** Directions for this task **
For each line of the data below that holds "linearGradient", copy the line.

[[ Supplied information open ]]

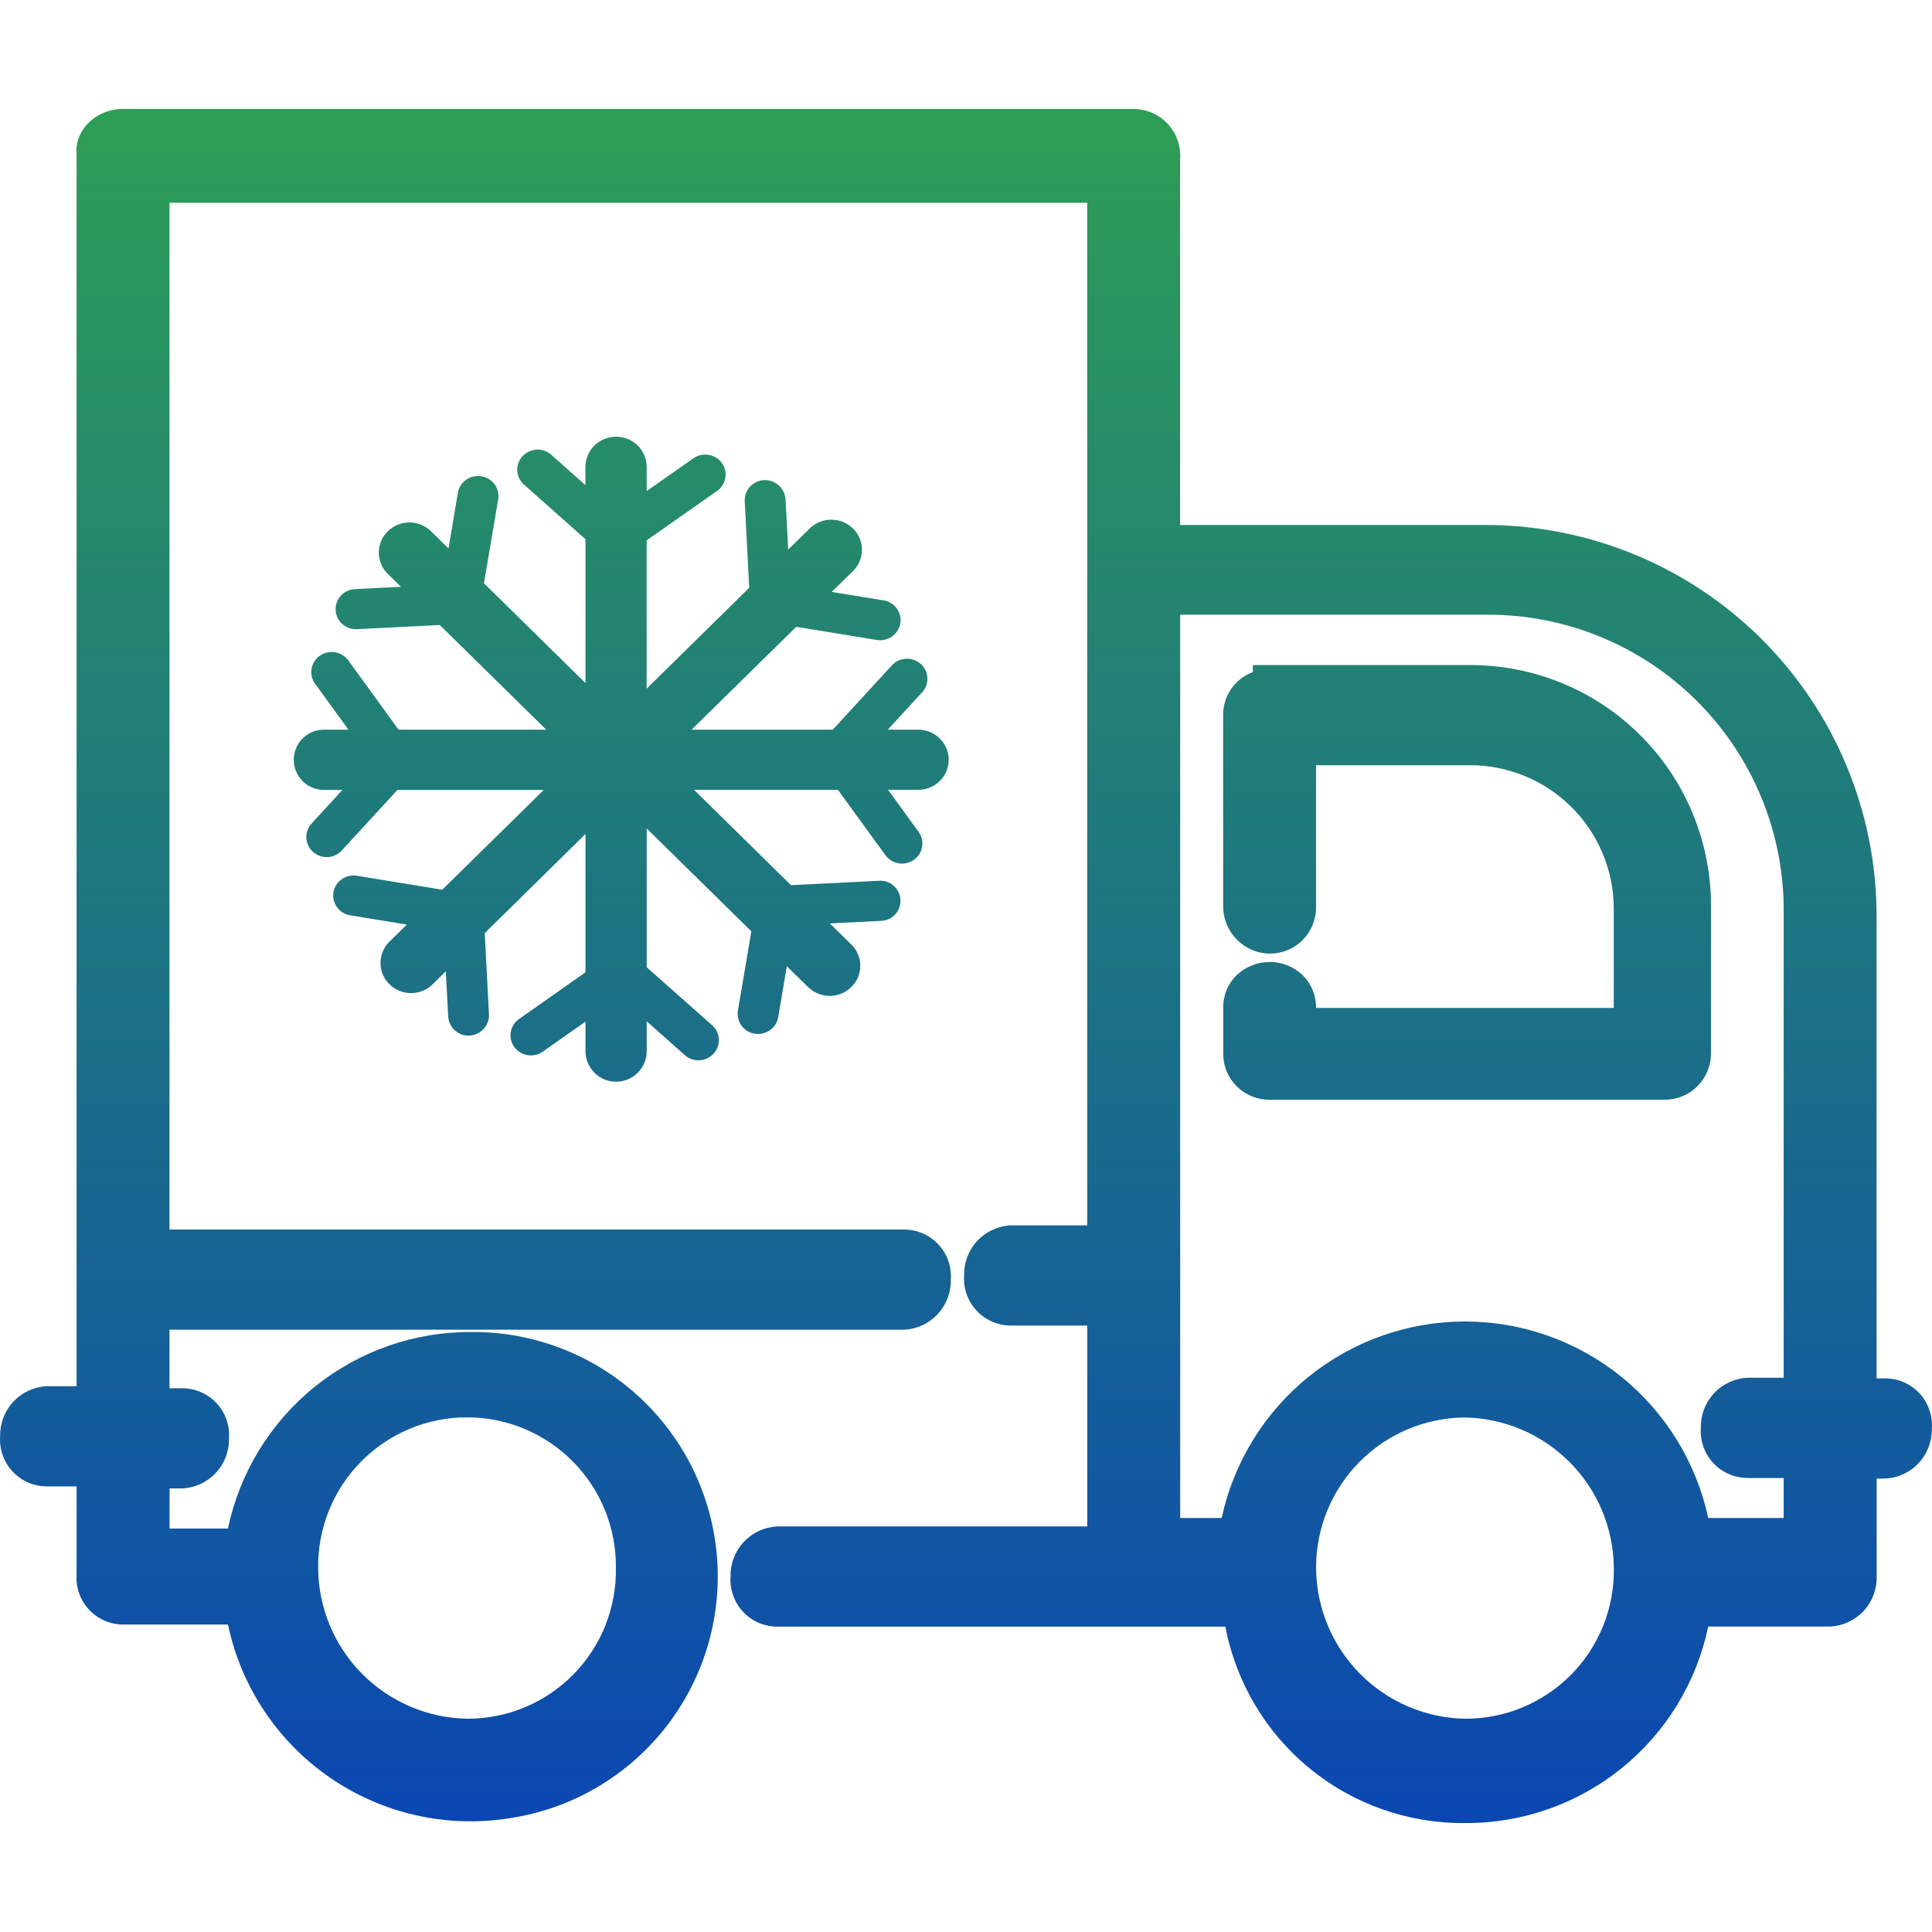 <svg width="64" height="64" viewBox="0 0 64 64" fill="none" xmlns="http://www.w3.org/2000/svg">
<path d="M48.667 22.032H41.502V22.264C41.211 22.37 40.96 22.565 40.784 22.82C40.607 23.076 40.515 23.379 40.518 23.689V29.976C40.508 30.339 40.624 30.694 40.846 30.981C41.069 31.268 41.383 31.47 41.736 31.552C41.96 31.602 42.191 31.601 42.414 31.549C42.637 31.497 42.846 31.396 43.024 31.253C43.203 31.11 43.346 30.928 43.445 30.722C43.544 30.515 43.596 30.289 43.595 30.061V25.349H48.667C49.926 25.34 51.138 25.831 52.036 26.714C52.934 27.597 53.446 28.801 53.458 30.061V33.39H43.595C43.598 33.188 43.56 32.987 43.483 32.8C43.407 32.613 43.293 32.443 43.149 32.301C42.859 32.024 42.474 31.869 42.073 31.866C41.662 31.864 41.266 32.019 40.967 32.301C40.823 32.442 40.709 32.611 40.632 32.798C40.555 32.985 40.517 33.185 40.52 33.387V34.911C40.52 35.111 40.56 35.309 40.637 35.494C40.715 35.679 40.827 35.846 40.969 35.988C41.111 36.129 41.279 36.24 41.465 36.316C41.65 36.392 41.848 36.431 42.048 36.431H55.139C55.341 36.431 55.541 36.392 55.727 36.316C55.913 36.239 56.083 36.127 56.225 35.985C56.368 35.843 56.482 35.674 56.559 35.488C56.637 35.302 56.677 35.102 56.678 34.901V29.925C56.66 27.816 55.806 25.802 54.304 24.322C52.802 22.842 50.775 22.019 48.667 22.032ZM62.453 45.66H62.164V30.269C62.144 26.847 60.77 23.571 58.343 21.158C55.916 18.745 52.632 17.391 49.21 17.391H39.093V5.269C39.108 5.057 39.08 4.845 39.009 4.645C38.939 4.445 38.828 4.261 38.684 4.106C38.54 3.95 38.365 3.826 38.171 3.741C37.977 3.655 37.767 3.611 37.555 3.61H4.076C3.85 3.607 3.626 3.652 3.418 3.742C3.211 3.832 3.025 3.965 2.873 4.132C2.75 4.265 2.656 4.423 2.598 4.595C2.54 4.767 2.519 4.949 2.537 5.13V45.92H1.543C1.121 45.942 0.725 46.128 0.437 46.438C0.15 46.747 -0.005 47.157 0.005 47.579C-0.01 47.791 0.018 48.003 0.089 48.203C0.159 48.404 0.27 48.587 0.414 48.742C0.559 48.898 0.733 49.022 0.927 49.108C1.122 49.193 1.331 49.237 1.543 49.239H2.537V52.156C2.522 52.367 2.551 52.58 2.621 52.78C2.692 52.98 2.802 53.163 2.947 53.319C3.091 53.474 3.265 53.599 3.46 53.684C3.654 53.769 3.863 53.814 4.075 53.815H7.552C7.986 55.878 9.197 57.695 10.935 58.889C12.672 60.084 14.802 60.564 16.884 60.23C18.91 59.926 20.746 58.864 22.02 57.259C23.294 55.655 23.913 53.627 23.752 51.584C23.59 49.542 22.661 47.636 21.15 46.252C19.639 44.868 17.66 44.108 15.611 44.125C13.723 44.114 11.89 44.757 10.421 45.943C8.952 47.129 7.939 48.787 7.552 50.635H5.617V49.306H6.047C6.468 49.284 6.865 49.098 7.152 48.788C7.44 48.479 7.595 48.069 7.585 47.647C7.6 47.435 7.572 47.223 7.501 47.023C7.431 46.823 7.32 46.639 7.176 46.484C7.031 46.328 6.857 46.204 6.663 46.119C6.468 46.033 6.259 45.989 6.047 45.988H5.615V44.048H29.959C30.381 44.026 30.777 43.84 31.064 43.531C31.351 43.221 31.507 42.812 31.497 42.389C31.512 42.178 31.483 41.965 31.413 41.765C31.342 41.565 31.232 41.382 31.087 41.226C30.943 41.071 30.769 40.946 30.575 40.861C30.38 40.776 30.171 40.731 29.959 40.73H5.615V6.718H36.015V40.592H33.478C33.056 40.613 32.659 40.799 32.371 41.108C32.083 41.418 31.928 41.828 31.938 42.251C31.923 42.463 31.951 42.675 32.022 42.875C32.093 43.076 32.204 43.259 32.348 43.415C32.492 43.57 32.667 43.694 32.862 43.78C33.056 43.865 33.266 43.909 33.478 43.91H36.017V50.565H25.739C25.317 50.587 24.921 50.773 24.634 51.083C24.346 51.393 24.191 51.802 24.201 52.224C24.186 52.436 24.215 52.648 24.285 52.849C24.355 53.049 24.466 53.232 24.61 53.388C24.755 53.543 24.929 53.667 25.123 53.753C25.318 53.838 25.527 53.883 25.739 53.884H40.592C40.942 55.727 41.929 57.388 43.38 58.578C44.83 59.767 46.653 60.409 48.529 60.391C50.417 60.403 52.25 59.761 53.719 58.574C55.188 57.388 56.201 55.73 56.587 53.882H60.627C61.049 53.861 61.446 53.675 61.734 53.366C62.022 53.056 62.177 52.646 62.167 52.223V48.979H62.457C62.878 48.957 63.275 48.772 63.562 48.462C63.849 48.152 64.004 47.743 63.995 47.32C64.01 47.108 63.981 46.896 63.91 46.695C63.84 46.495 63.729 46.311 63.584 46.155C63.44 46 63.264 45.876 63.07 45.79C62.875 45.705 62.665 45.661 62.453 45.66H62.453ZM48.529 46.956C49.839 46.981 51.088 47.516 52.009 48.448C52.93 49.38 53.451 50.635 53.46 51.946C53.471 52.599 53.351 53.248 53.108 53.854C52.865 54.461 52.503 55.013 52.044 55.477C51.584 55.942 51.037 56.31 50.433 56.561C49.83 56.811 49.182 56.938 48.529 56.935C47.219 56.91 45.97 56.375 45.049 55.443C44.128 54.511 43.607 53.256 43.597 51.946C43.591 50.63 44.107 49.366 45.031 48.431C45.956 47.495 47.214 46.965 48.529 46.956ZM57.883 48.96H59.087V50.286H56.587C56.191 48.443 55.175 46.792 53.709 45.607C52.242 44.422 50.414 43.776 48.529 43.776C46.644 43.776 44.815 44.422 43.349 45.607C41.883 46.792 40.867 48.443 40.47 50.286H39.095V20.363H49.231C51.824 20.345 54.317 21.356 56.164 23.174C58.012 24.992 59.063 27.468 59.087 30.061V45.64H57.883C57.461 45.662 57.064 45.847 56.776 46.157C56.489 46.467 56.333 46.877 56.343 47.299C56.328 47.511 56.356 47.723 56.427 47.923C56.497 48.123 56.608 48.307 56.752 48.462C56.897 48.618 57.071 48.742 57.266 48.828C57.46 48.913 57.669 48.957 57.881 48.959L57.883 48.96ZM10.539 51.946C10.53 51.293 10.652 50.645 10.896 50.039C11.14 49.433 11.502 48.882 11.961 48.418C12.419 47.953 12.966 47.584 13.568 47.332C14.171 47.081 14.817 46.951 15.47 46.951C16.123 46.951 16.77 47.081 17.372 47.332C17.975 47.584 18.521 47.953 18.98 48.418C19.439 48.882 19.801 49.433 20.045 50.039C20.289 50.645 20.41 51.293 20.402 51.946C20.413 52.599 20.293 53.248 20.05 53.854C19.807 54.461 19.445 55.013 18.985 55.477C18.526 55.942 17.978 56.31 17.375 56.561C16.771 56.811 16.124 56.938 15.47 56.935C14.16 56.91 12.912 56.375 11.99 55.443C11.069 54.511 10.548 53.256 10.539 51.946ZM31.128 25.876C31.222 25.784 31.297 25.674 31.349 25.552C31.4 25.431 31.426 25.3 31.426 25.168C31.426 25.036 31.4 24.906 31.349 24.784C31.297 24.663 31.222 24.553 31.128 24.461C30.937 24.273 30.68 24.169 30.413 24.171H29.41L30.548 22.931C30.608 22.866 30.654 22.791 30.683 22.708C30.713 22.626 30.726 22.538 30.721 22.451C30.717 22.363 30.695 22.278 30.657 22.199C30.618 22.12 30.565 22.049 30.499 21.992C30.365 21.873 30.191 21.812 30.012 21.821C29.834 21.83 29.666 21.908 29.545 22.04L27.588 24.171H22.91L26.377 20.763L29.045 21.2C29.222 21.228 29.402 21.186 29.549 21.084C29.621 21.034 29.683 20.971 29.73 20.896C29.778 20.823 29.81 20.74 29.824 20.653C29.839 20.567 29.836 20.478 29.816 20.392C29.796 20.307 29.759 20.227 29.707 20.156C29.655 20.084 29.589 20.024 29.514 19.978C29.439 19.932 29.355 19.902 29.268 19.888L27.553 19.608L28.256 18.918C28.35 18.826 28.425 18.716 28.476 18.595C28.527 18.474 28.553 18.344 28.553 18.212C28.553 18.081 28.527 17.95 28.476 17.829C28.425 17.708 28.35 17.598 28.256 17.507C28.064 17.319 27.807 17.214 27.539 17.214C27.27 17.214 27.013 17.319 26.821 17.507L26.11 18.205L26.022 16.536C26.009 16.359 25.927 16.195 25.794 16.077C25.662 15.959 25.488 15.897 25.311 15.904C25.133 15.912 24.965 15.99 24.845 16.122C24.785 16.186 24.739 16.262 24.709 16.345C24.679 16.428 24.666 16.515 24.67 16.603L24.819 19.471L21.421 22.812V17.9L23.754 16.262C23.826 16.212 23.887 16.149 23.934 16.075C23.981 16.001 24.013 15.918 24.027 15.832C24.042 15.746 24.04 15.658 24.02 15.572C24 15.487 23.963 15.407 23.912 15.336C23.806 15.192 23.648 15.096 23.472 15.067C23.296 15.038 23.115 15.079 22.969 15.181L21.423 16.267V15.466C21.422 15.334 21.395 15.203 21.344 15.082C21.293 14.96 21.218 14.85 21.124 14.757C20.932 14.571 20.675 14.467 20.408 14.467C20.141 14.467 19.884 14.571 19.692 14.757C19.598 14.85 19.523 14.96 19.472 15.082C19.421 15.203 19.394 15.334 19.393 15.466V16.07L18.262 15.065C18.128 14.946 17.954 14.885 17.775 14.894C17.597 14.904 17.429 14.982 17.308 15.114C17.249 15.178 17.203 15.254 17.173 15.336C17.144 15.419 17.131 15.506 17.135 15.594C17.14 15.681 17.162 15.767 17.2 15.845C17.238 15.924 17.292 15.995 17.357 16.052L19.395 17.862V22.628L16.032 19.322L16.503 16.543C16.518 16.456 16.515 16.367 16.494 16.282C16.474 16.196 16.437 16.116 16.385 16.045C16.28 15.901 16.122 15.805 15.947 15.777C15.77 15.748 15.589 15.789 15.442 15.892C15.37 15.942 15.308 16.006 15.261 16.08C15.214 16.155 15.182 16.238 15.168 16.324L14.857 18.168L14.28 17.6C14.089 17.412 13.831 17.306 13.563 17.306C13.295 17.306 13.037 17.412 12.846 17.6C12.752 17.692 12.677 17.801 12.626 17.922C12.575 18.044 12.549 18.174 12.549 18.305C12.549 18.437 12.575 18.567 12.626 18.688C12.677 18.809 12.752 18.919 12.846 19.01L13.281 19.438L11.758 19.515C11.581 19.522 11.413 19.6 11.293 19.731C11.233 19.796 11.187 19.872 11.157 19.954C11.127 20.037 11.114 20.124 11.118 20.212C11.128 20.384 11.203 20.545 11.329 20.663C11.455 20.78 11.621 20.845 11.793 20.844L14.569 20.705L18.094 24.171H13.203L11.538 21.877C11.432 21.733 11.274 21.637 11.098 21.608C10.922 21.579 10.741 21.62 10.595 21.722C10.523 21.772 10.461 21.836 10.414 21.91C10.367 21.984 10.335 22.066 10.321 22.152C10.306 22.239 10.309 22.327 10.329 22.413C10.348 22.498 10.385 22.578 10.437 22.649L11.543 24.171H10.729C10.464 24.171 10.21 24.276 10.023 24.463C9.836 24.65 9.731 24.904 9.731 25.169C9.731 25.433 9.836 25.687 10.023 25.874C10.21 26.061 10.464 26.166 10.729 26.166H11.344L10.322 27.28C10.263 27.344 10.217 27.42 10.187 27.502C10.157 27.585 10.144 27.672 10.148 27.76C10.152 27.847 10.174 27.933 10.212 28.012C10.25 28.091 10.304 28.162 10.369 28.22C10.503 28.339 10.678 28.401 10.857 28.392C11.036 28.382 11.204 28.303 11.325 28.171L13.164 26.168H18.012L14.65 29.474L11.824 29.01C11.647 28.981 11.466 29.023 11.319 29.125C11.247 29.176 11.186 29.24 11.139 29.314C11.092 29.388 11.061 29.47 11.046 29.557C11.032 29.643 11.035 29.732 11.055 29.817C11.075 29.902 11.113 29.983 11.164 30.053C11.216 30.125 11.281 30.185 11.356 30.231C11.431 30.277 11.515 30.308 11.602 30.321L13.477 30.628L12.901 31.194C12.807 31.286 12.732 31.396 12.681 31.517C12.631 31.638 12.604 31.768 12.604 31.899C12.604 32.031 12.631 32.161 12.681 32.282C12.732 32.403 12.807 32.513 12.901 32.605C13.092 32.793 13.349 32.898 13.617 32.898C13.885 32.898 14.143 32.793 14.334 32.605L14.768 32.177L14.847 33.673C14.857 33.845 14.933 34.007 15.059 34.124C15.184 34.242 15.35 34.307 15.523 34.305C15.613 34.305 15.703 34.287 15.786 34.251C15.87 34.215 15.945 34.163 16.008 34.098C16.071 34.033 16.12 33.956 16.153 33.871C16.186 33.787 16.201 33.696 16.198 33.606L16.058 30.91L19.395 27.627V32.209L17.195 33.756C17.123 33.806 17.061 33.87 17.014 33.944C16.967 34.017 16.935 34.1 16.921 34.186C16.906 34.273 16.908 34.361 16.928 34.446C16.948 34.531 16.985 34.612 17.037 34.683C17.142 34.827 17.3 34.924 17.476 34.953C17.653 34.982 17.834 34.941 17.98 34.837L19.395 33.843V34.819C19.395 35.088 19.502 35.346 19.692 35.536C19.883 35.727 20.14 35.833 20.409 35.833C20.678 35.833 20.936 35.727 21.126 35.536C21.317 35.346 21.423 35.088 21.423 34.819V33.832L22.685 34.951C22.818 35.07 22.993 35.132 23.172 35.123C23.351 35.114 23.518 35.035 23.64 34.903C23.699 34.839 23.744 34.763 23.774 34.681C23.804 34.599 23.817 34.511 23.812 34.424C23.808 34.337 23.786 34.251 23.748 34.172C23.71 34.093 23.657 34.023 23.591 33.965L21.423 32.041V27.444L24.889 30.851L24.445 33.477C24.431 33.564 24.434 33.653 24.454 33.738C24.475 33.823 24.512 33.904 24.564 33.975C24.616 34.046 24.681 34.106 24.756 34.152C24.831 34.198 24.915 34.229 25.002 34.242C25.178 34.27 25.36 34.229 25.506 34.126C25.578 34.076 25.639 34.012 25.686 33.938C25.732 33.864 25.764 33.782 25.779 33.696L26.064 32.008L26.768 32.697C26.959 32.885 27.216 32.99 27.484 32.99C27.752 32.99 28.009 32.885 28.2 32.697C28.295 32.606 28.369 32.496 28.421 32.375C28.471 32.254 28.498 32.124 28.498 31.992C28.498 31.861 28.471 31.731 28.421 31.61C28.369 31.489 28.295 31.379 28.2 31.287L27.489 30.59L29.188 30.505C29.276 30.501 29.363 30.481 29.443 30.444C29.523 30.407 29.595 30.355 29.655 30.289C29.715 30.224 29.761 30.148 29.791 30.065C29.82 29.982 29.834 29.894 29.829 29.806C29.824 29.718 29.802 29.631 29.764 29.552C29.726 29.472 29.672 29.401 29.606 29.343C29.54 29.284 29.463 29.239 29.379 29.211C29.296 29.182 29.207 29.171 29.119 29.177L26.202 29.323L22.991 26.163H27.757L29.33 28.328C29.435 28.473 29.593 28.57 29.769 28.599C29.945 28.628 30.126 28.586 30.271 28.483C30.344 28.433 30.405 28.37 30.452 28.296C30.499 28.222 30.531 28.139 30.546 28.053C30.561 27.966 30.558 27.878 30.538 27.792C30.518 27.707 30.481 27.627 30.43 27.556L29.418 26.163H30.411C30.678 26.166 30.936 26.063 31.127 25.876H31.128Z" fill="url(#paint0_linear_1_75)"/>
<defs>
<linearGradient id="paint0_linear_1_75" x1="32" y1="3.61" x2="32" y2="60.392" gradientUnits="userSpaceOnUse">
<stop stop-color="#2D9E55"/>
<stop offset="1" stop-color="#0B47B2"/>
</linearGradient>
</defs>
</svg>

[[ Supplied information closed ]]

** Result of this exercise **
<linearGradient id="paint0_linear_1_75" x1="32" y1="3.61" x2="32" y2="60.392" gradientUnits="userSpaceOnUse">
</linearGradient>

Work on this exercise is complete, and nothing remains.